100k minutes will get you a bill at Tokbox of ~ $480. This sounds expensive, $480 for what. Highway robbery!
I’m going to go out to Amazon, install Kurento on my own AWS instances and screw Tokbox and their fancy API. Well go ahead, make my day.
Two C4 instances at AWS are $0.215 (m4-x-large) per hour or $310 a month, then you’ll need bandwidth of 842 GB for those 100k minutes which adds $76. So your hard costs are $386. However, I’m guessing you’ll spend 2 hours a week maintaining your infrastructure and here is where cost increase. 8 hours a month at cost of your time, $50 a hour (use amateurs) is $400 so bang you’re at $786 a month on your “do it yourself” project.
Wait just a second Spanky
One notion is that as your volume increases, your support hours don’t increase linearly. Fair enough. But’s let’s assume you reach the stellar apex of 500k minutes of stream usage and let’s say you fiddle around only 24 hours in the month trying to keep your Rube Goldberg SFU running. So your hard costs are ~ $1,155, add in 24 hours of labor you’re in for $2,355. The Tokbox price is $2,271. Call me, I’ll get you a discount.

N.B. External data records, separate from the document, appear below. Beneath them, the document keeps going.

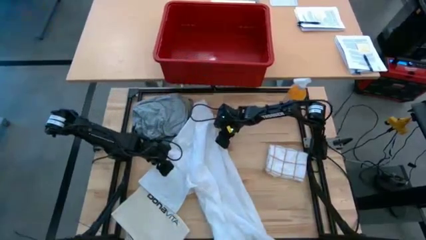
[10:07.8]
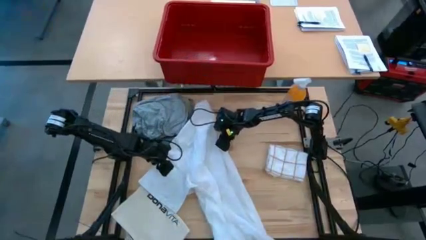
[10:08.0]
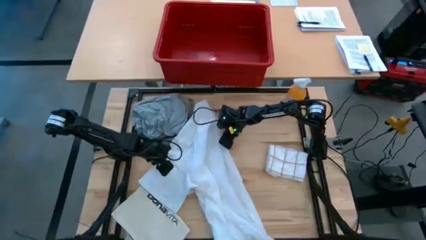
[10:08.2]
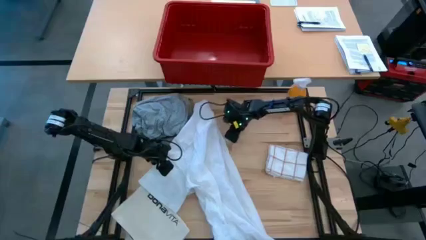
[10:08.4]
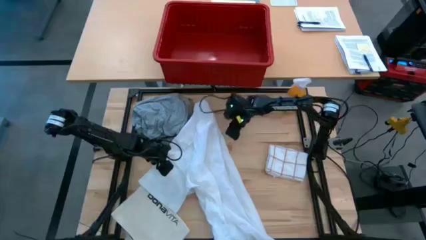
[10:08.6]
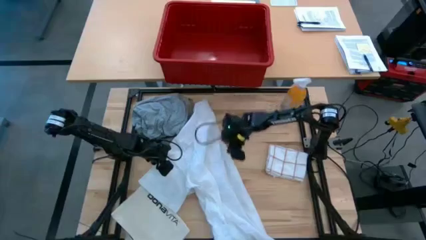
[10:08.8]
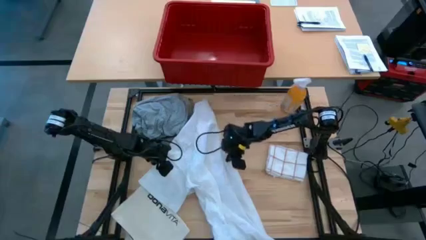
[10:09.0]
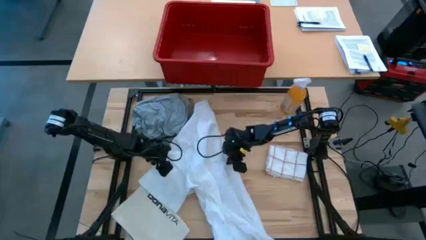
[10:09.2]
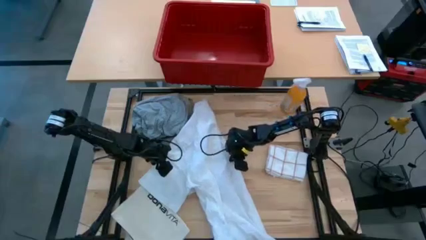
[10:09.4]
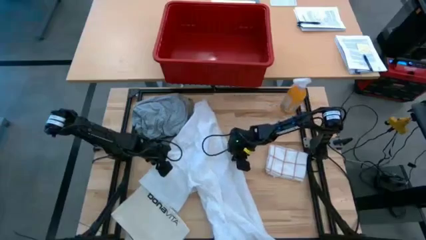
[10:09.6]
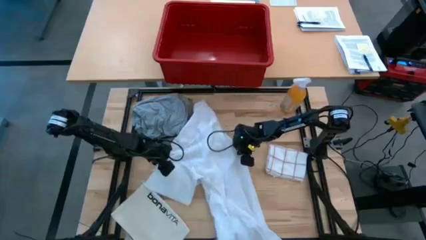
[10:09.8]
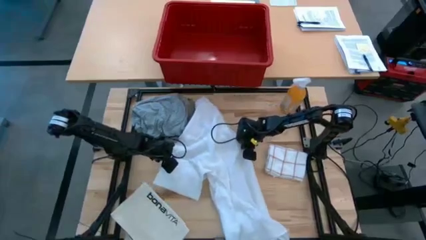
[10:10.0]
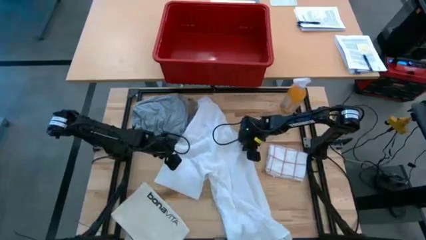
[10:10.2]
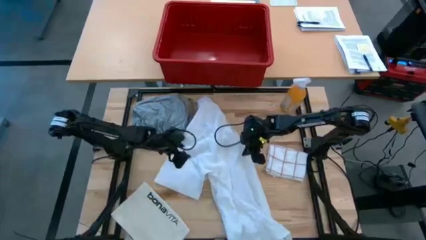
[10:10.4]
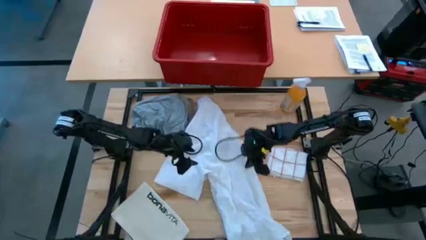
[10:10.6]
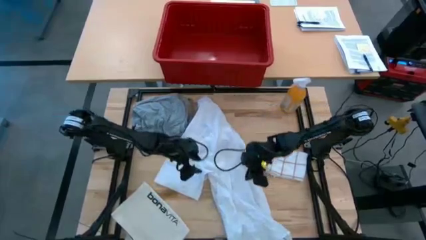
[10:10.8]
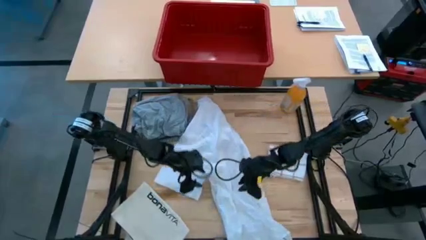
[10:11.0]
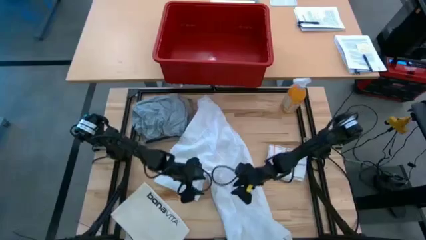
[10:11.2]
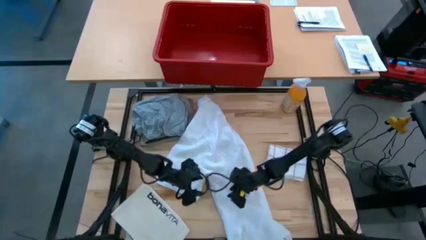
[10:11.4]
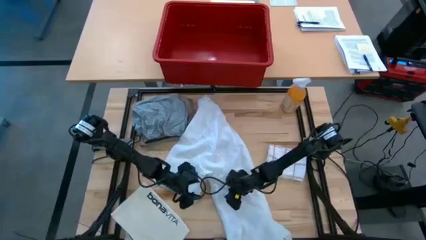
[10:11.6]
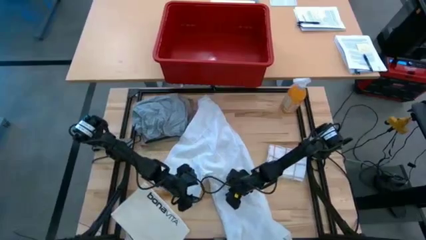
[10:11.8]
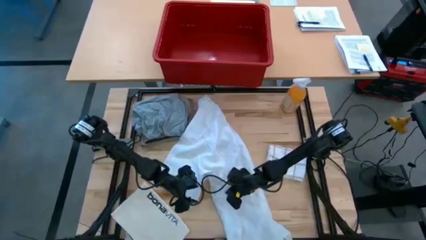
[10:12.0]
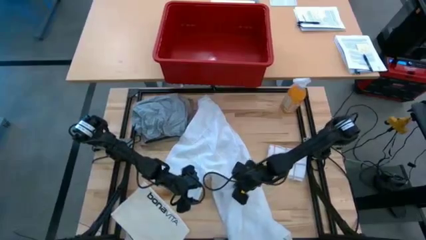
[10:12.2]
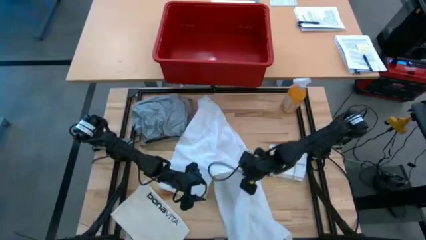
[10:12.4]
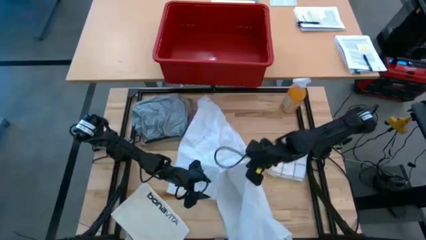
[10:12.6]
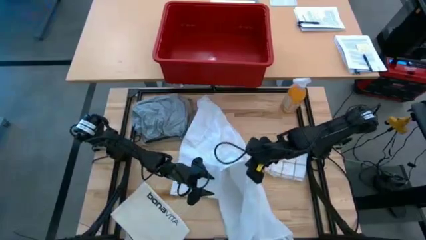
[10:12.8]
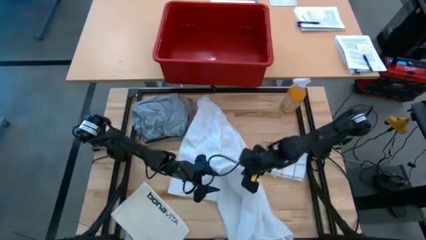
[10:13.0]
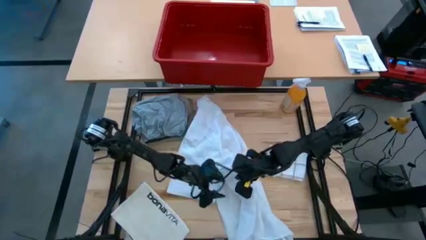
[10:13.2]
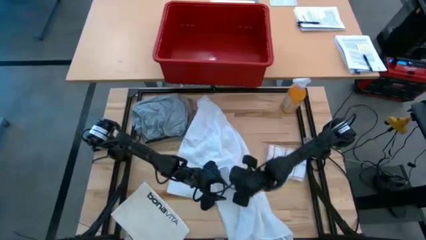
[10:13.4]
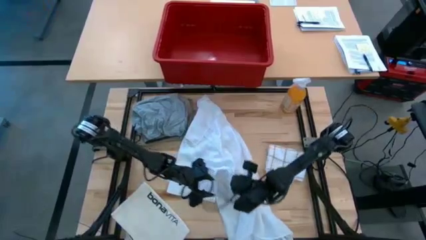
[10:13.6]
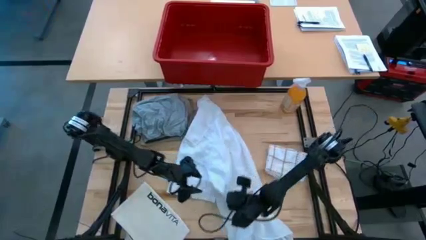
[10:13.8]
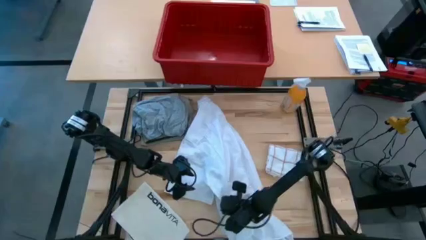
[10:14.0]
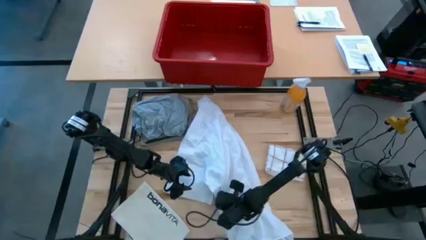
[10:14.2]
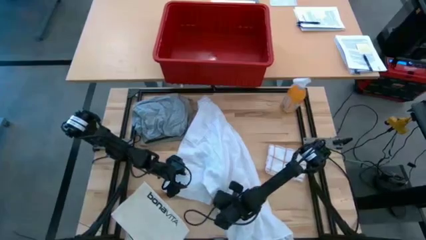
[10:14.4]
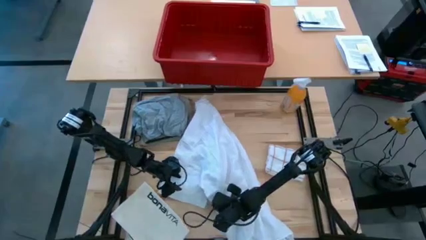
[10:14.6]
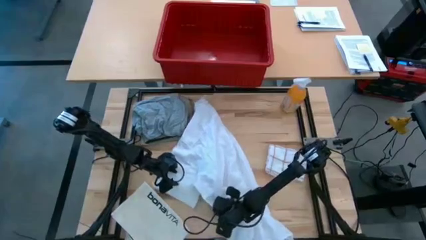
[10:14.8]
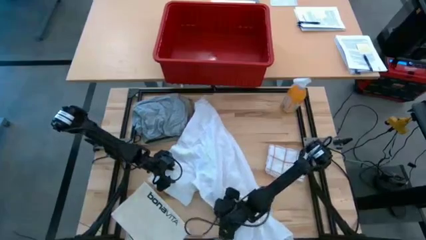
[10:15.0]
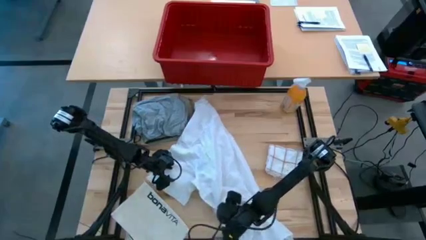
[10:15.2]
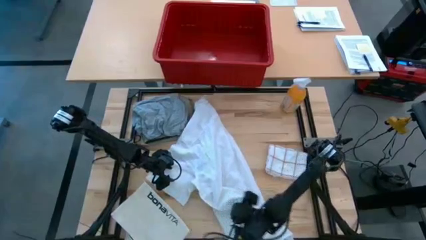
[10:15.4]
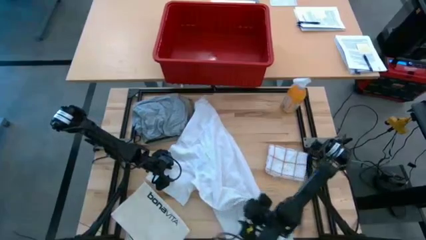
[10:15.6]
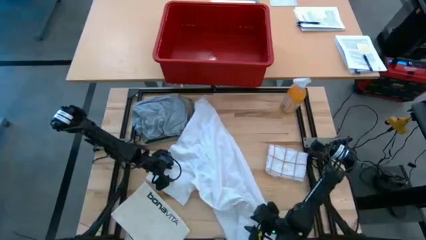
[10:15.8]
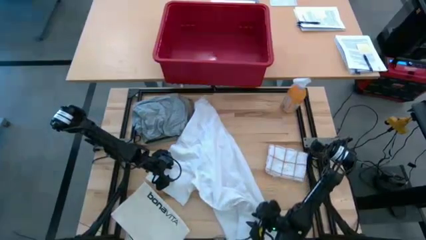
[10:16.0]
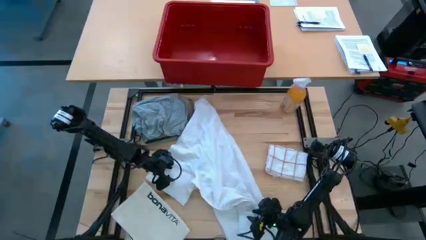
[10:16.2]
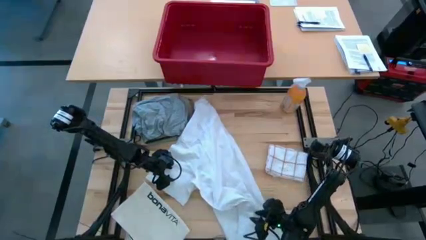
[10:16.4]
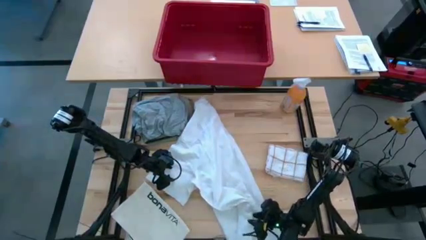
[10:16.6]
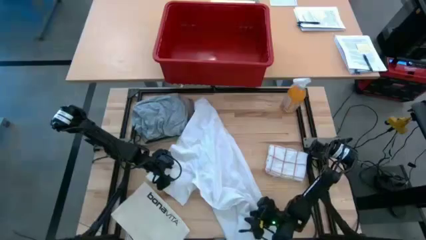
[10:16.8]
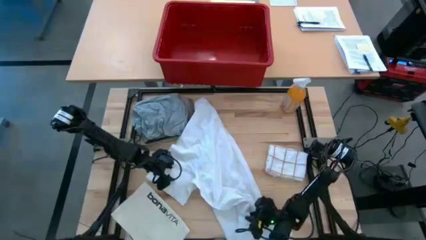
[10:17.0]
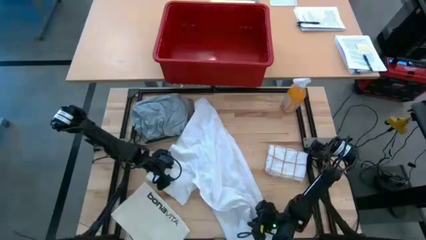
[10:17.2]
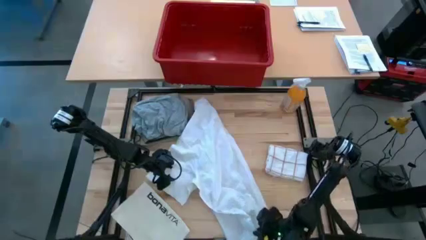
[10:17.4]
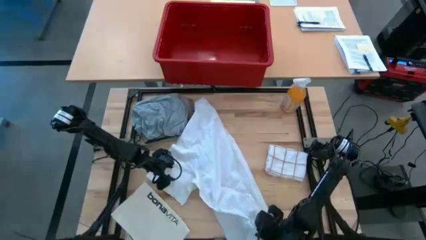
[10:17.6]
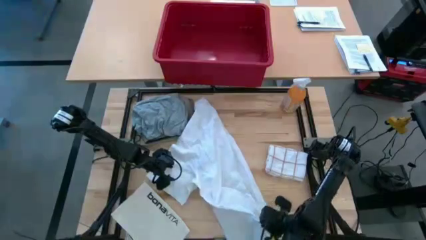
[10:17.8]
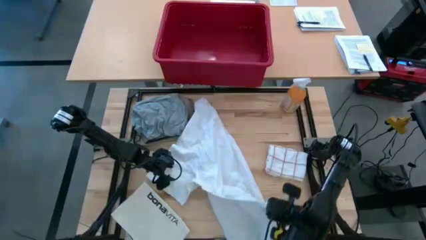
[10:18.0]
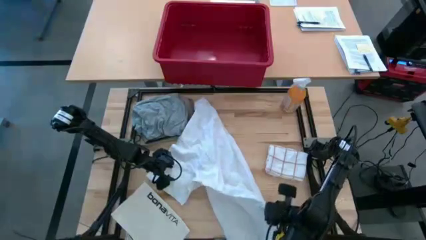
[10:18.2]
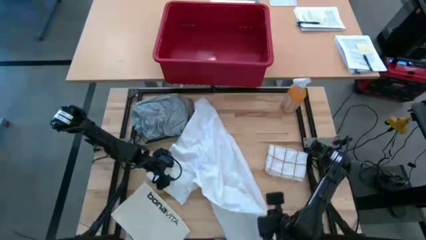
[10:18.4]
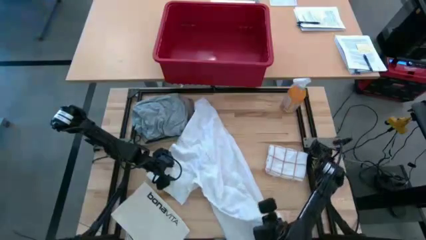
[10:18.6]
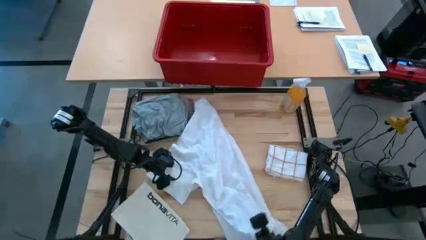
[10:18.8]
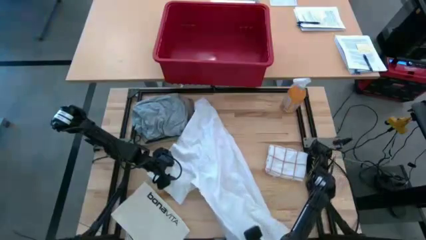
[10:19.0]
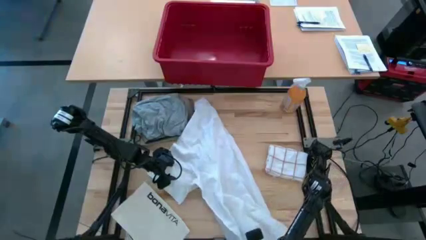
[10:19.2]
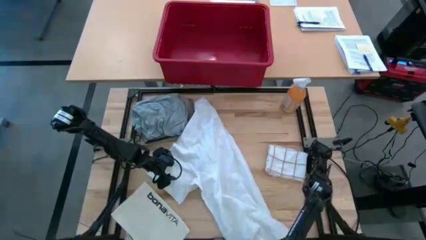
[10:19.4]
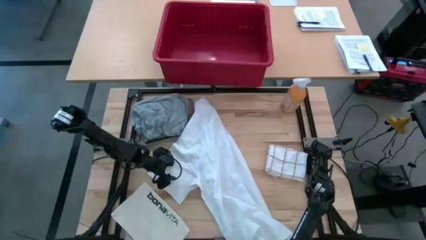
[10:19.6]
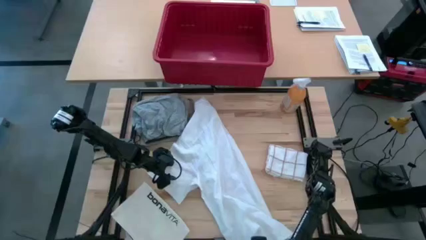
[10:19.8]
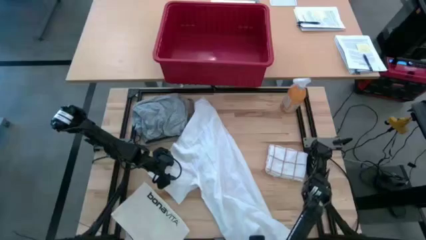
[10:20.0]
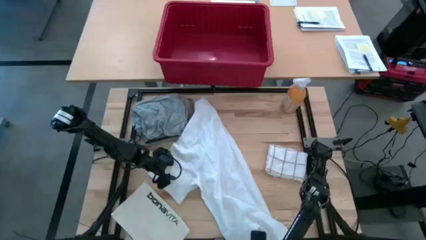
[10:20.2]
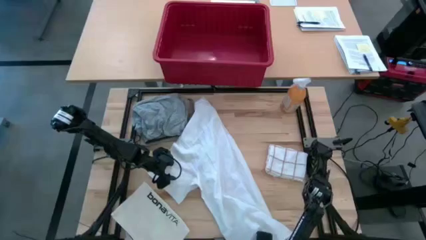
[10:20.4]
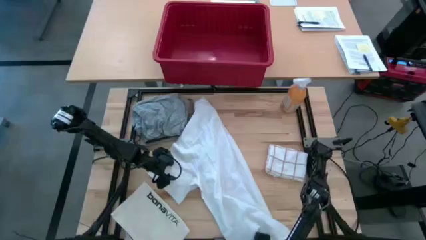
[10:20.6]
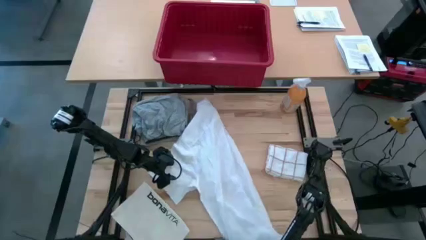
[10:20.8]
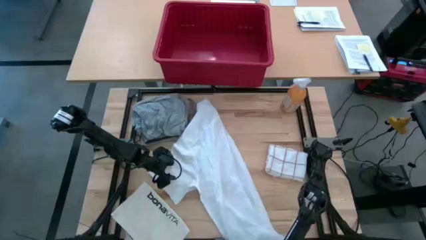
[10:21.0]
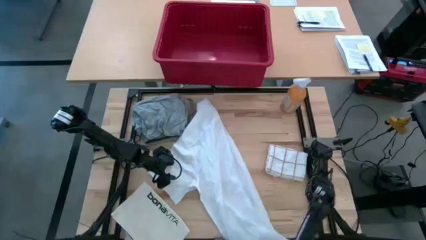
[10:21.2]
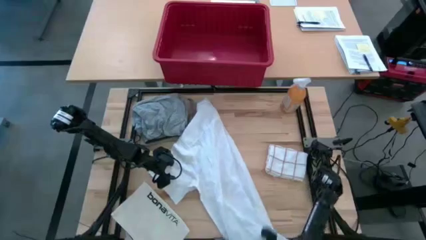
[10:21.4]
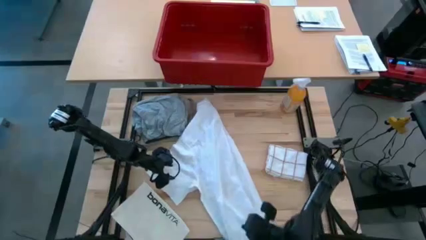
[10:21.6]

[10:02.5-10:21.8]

While the core components of WebRTC are free, the application and operation are not. If a WebRTC platform provider has the features and functionality you need, that’s one headache you don’t have to have. Cost optimization is something you worry about once you get big. I’d always opt to focus on a winning application.
I went down the same path with this very blog – hosting my own WordPress instance. That was until I realized I was wasting cycles and brain cells doing stuff that wasn’t important. Now I’m happy to pay WPengine, because it’s what they do and they do a much better job.